The test has evolved throughout the years, with an increase in the total number of questions, an increase in Type 2 and Type 3 questions, and a more homogeneous representation of the different sub-specialties. The Difficulty Index shows that the exam has had a medium difficulty level throughout all years of administration; the Discrimination Index shows that the test has increased its discrimination capacity in the last three years. While these results are encouraging, the EMNOT still faces the limitation that, as a multiple-choice examination, it only evaluates knowledge, diagnostic skills, and evaluation/decision-making skills. The assessment of surgical skills and attitudes of examinees still remains a challenge [15, 16].

Although beyond the scope of this article, the results of these exams have also helped to identify learning needs for the development of a more relevant continuing education program. Moreover, yearly reports are given to Residency Program Directors in Chile to aid in curriculum development.

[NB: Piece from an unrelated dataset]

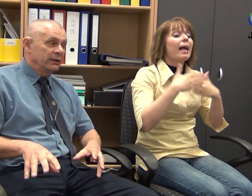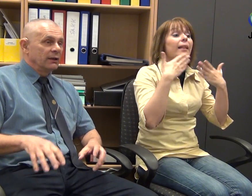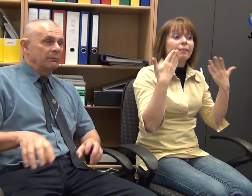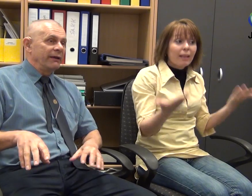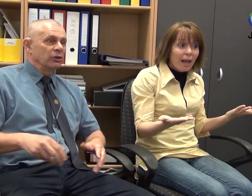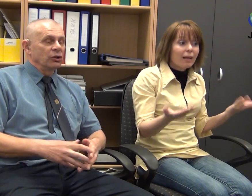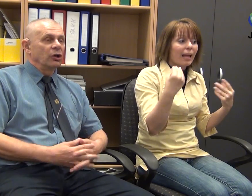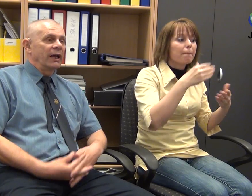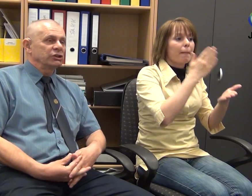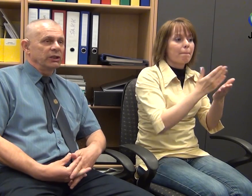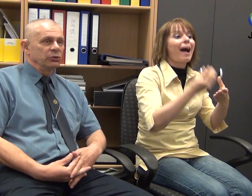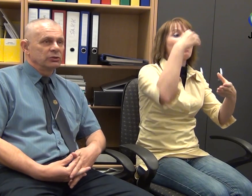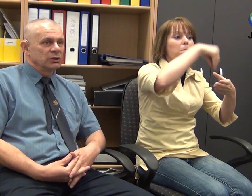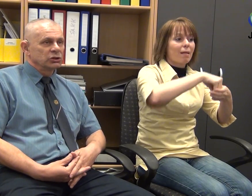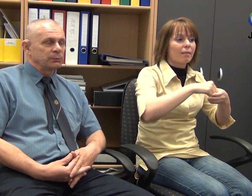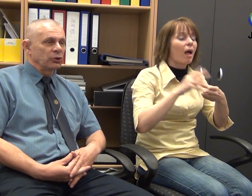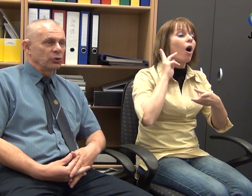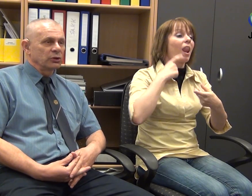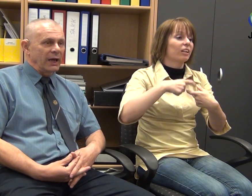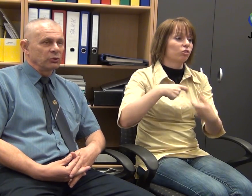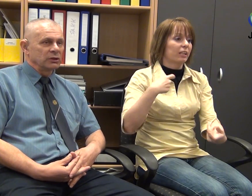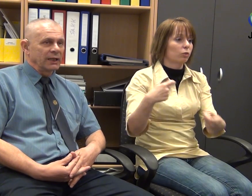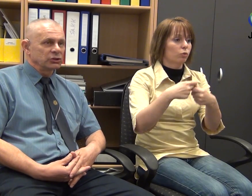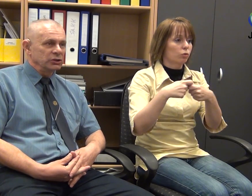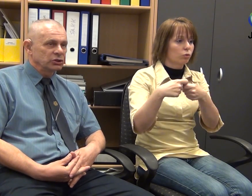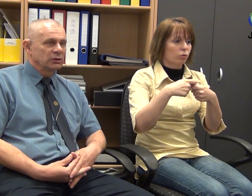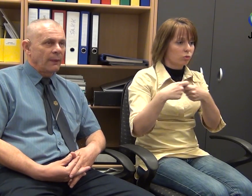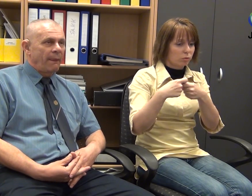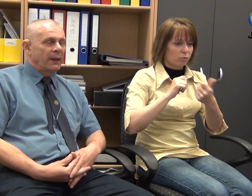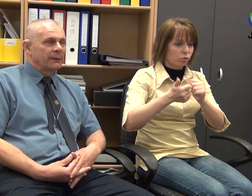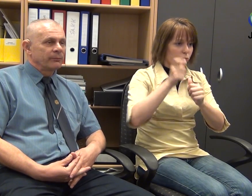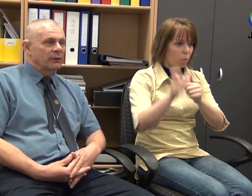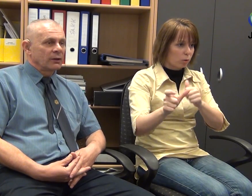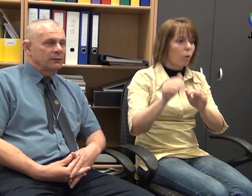ebben van a hallássirült sporttorok támogatása is.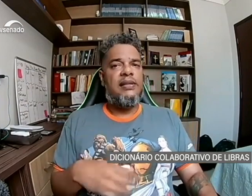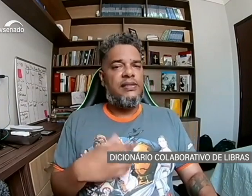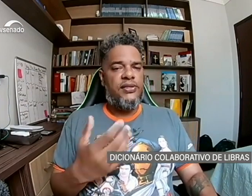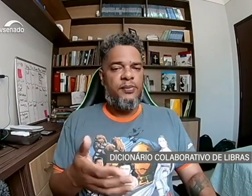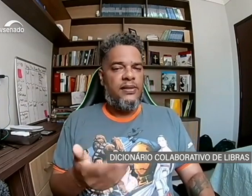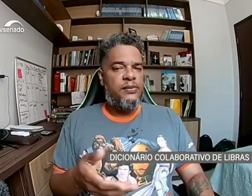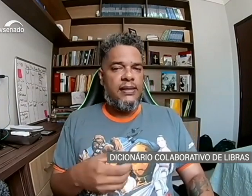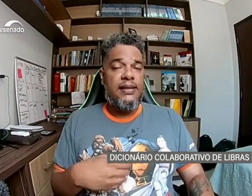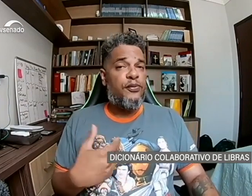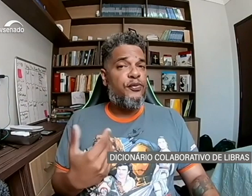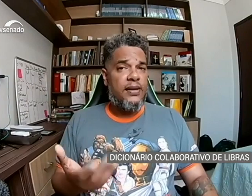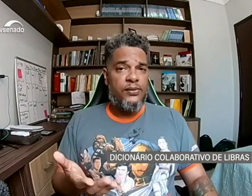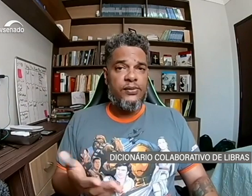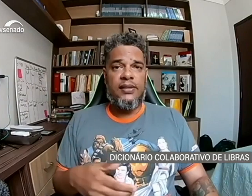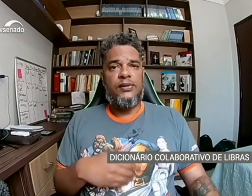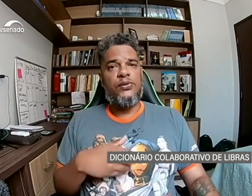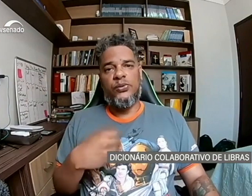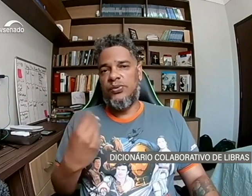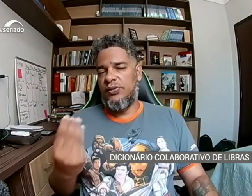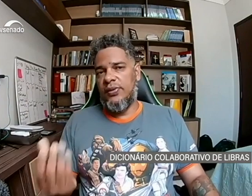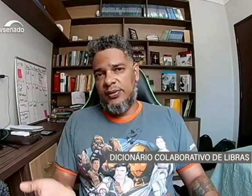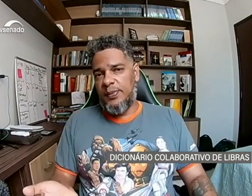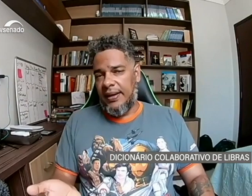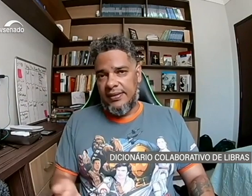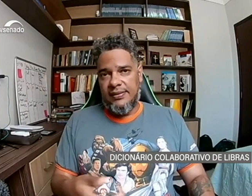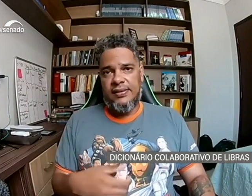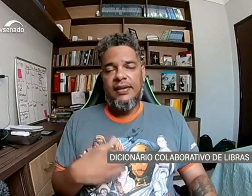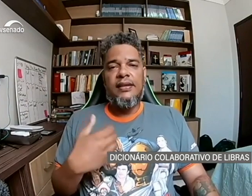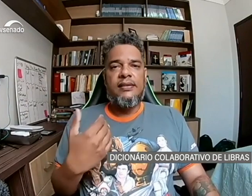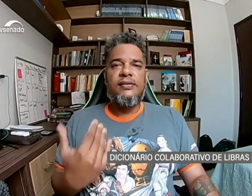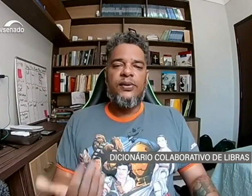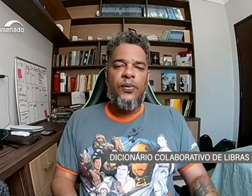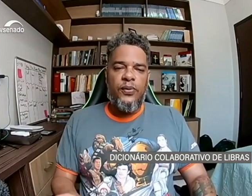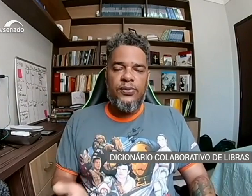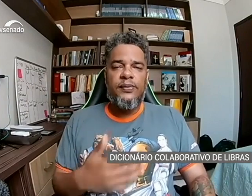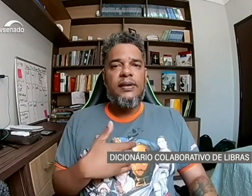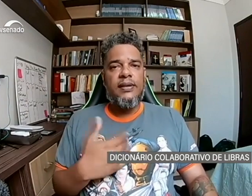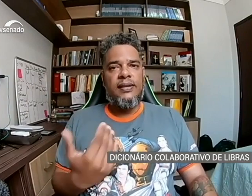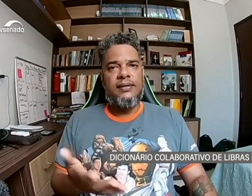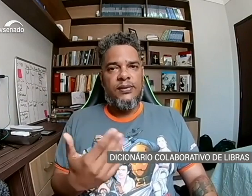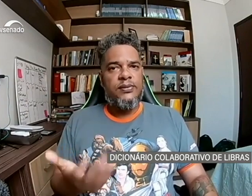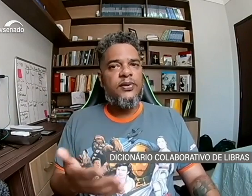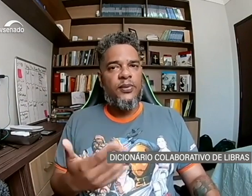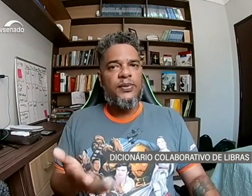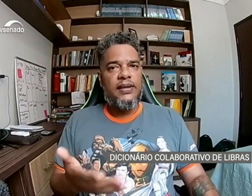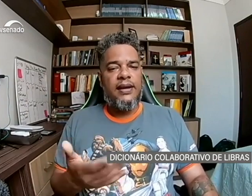geralmente é usada em eventos que surdos de vários países se encontram e tentam se comunicar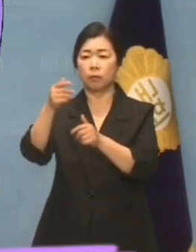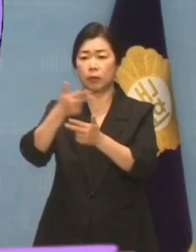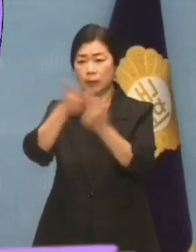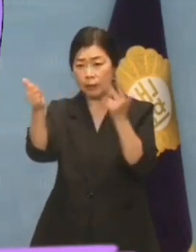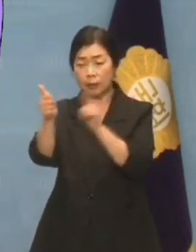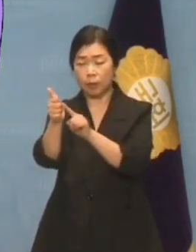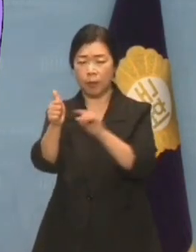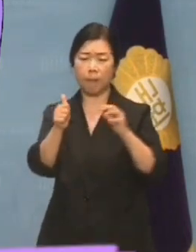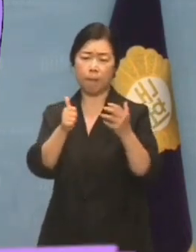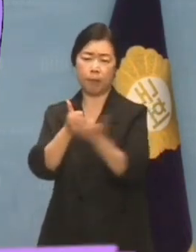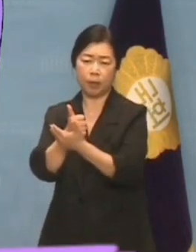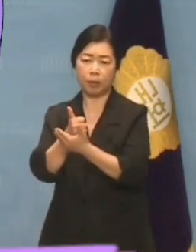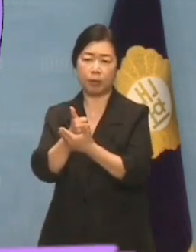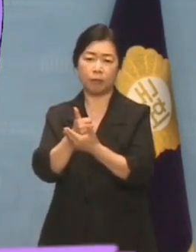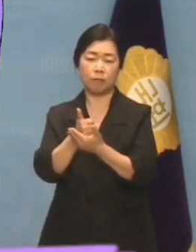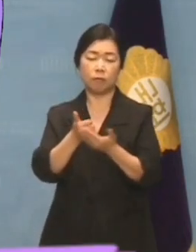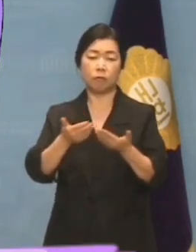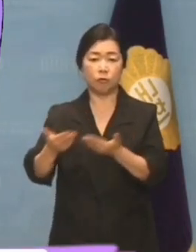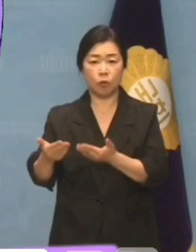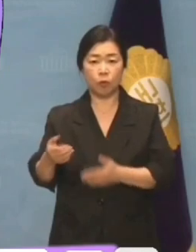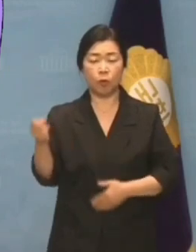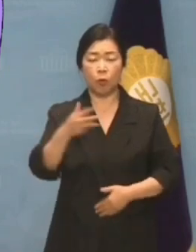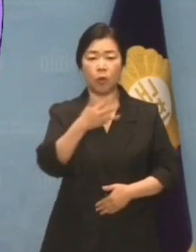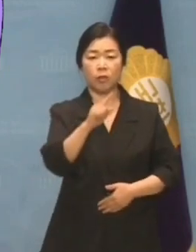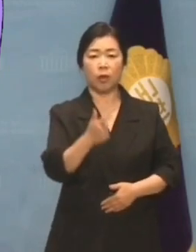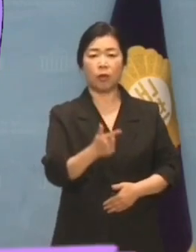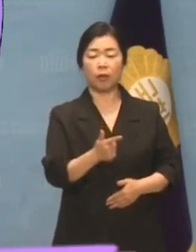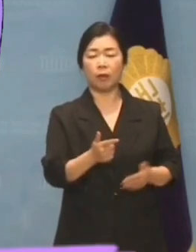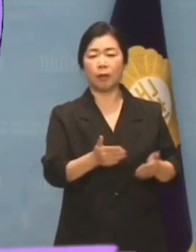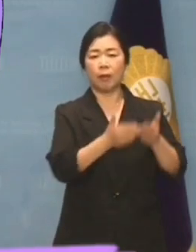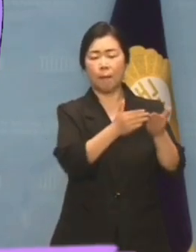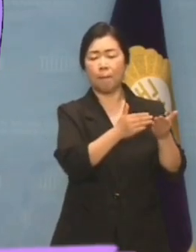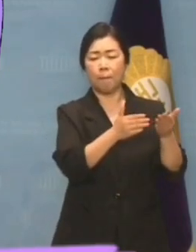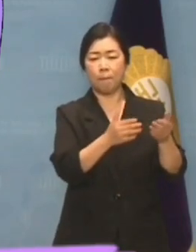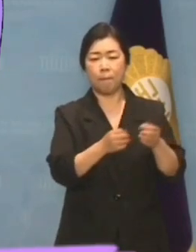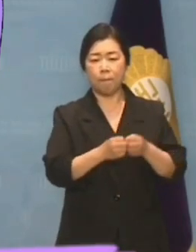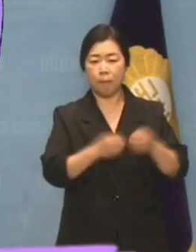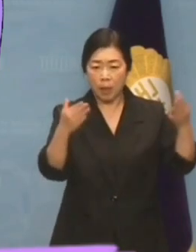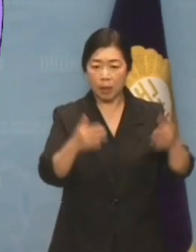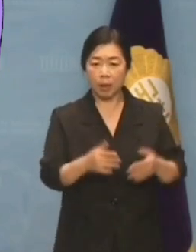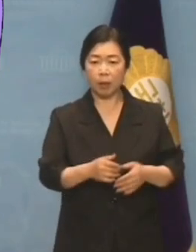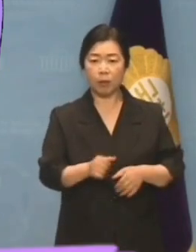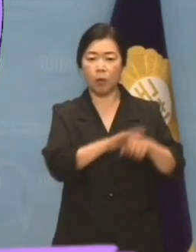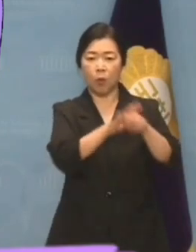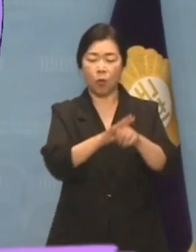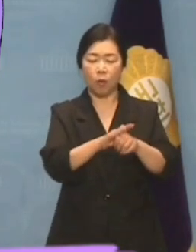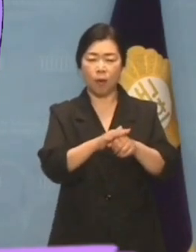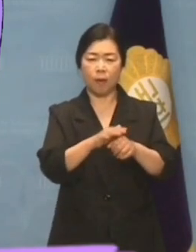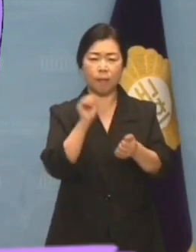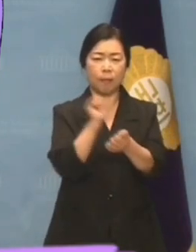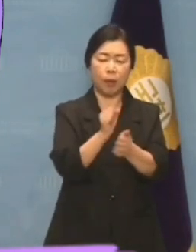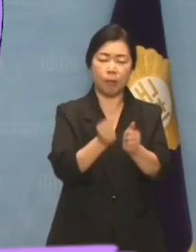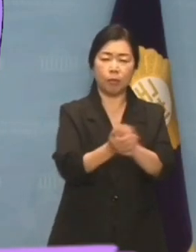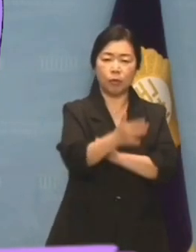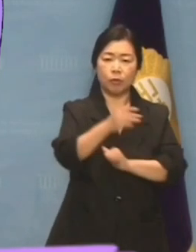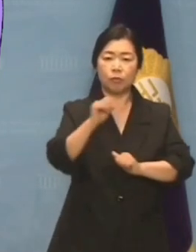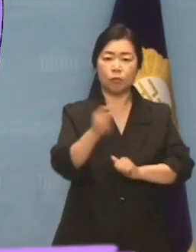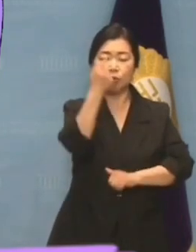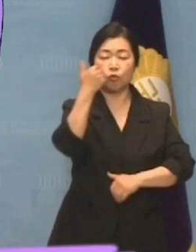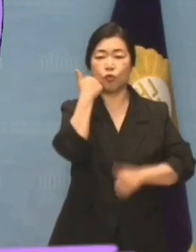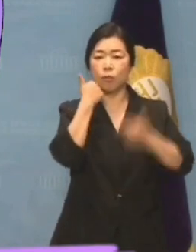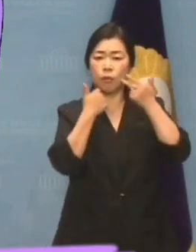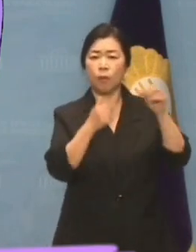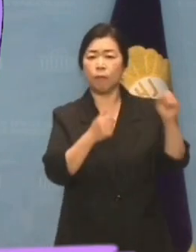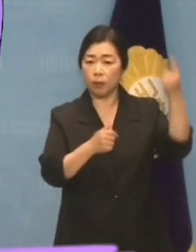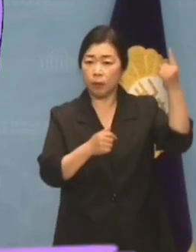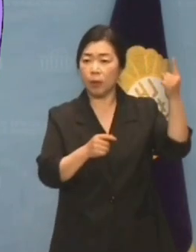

In a recent review, Gurgacz et al. postulated that a socially useful credentialing process in surgical specialties should adhere to three main conditions: (a) only one institution should be responsible for the credentialing process, (b) best-practice standards for design, implementation, and monitoring of the examination should be used and (c) the organization should have a strong quality-improvement culture [17]. The SCHOT develops the EMNOT with the help of experts in orthopaedic surgery and medical education. This exam has been evaluated yearly to improve its standards and to establish a certification process. We believe that future evaluations of the EMNOT should include national and international appraisals to ensure an external impartial verification of its quality level. The examination should also incorporate methods for the assessment of surgical skills and attitudes among graduating orthopaedic residents.

Conclusion

The EMNOT has evolved over several years to include higher quality questions, better discrimination, and a more representative distribution of questions covering the different orthopaedic sub-specialties. Thus, this examination developed and administered by the SCHOT represents an effective instrument for quality assurance of orthopaedic residency programs in Chile.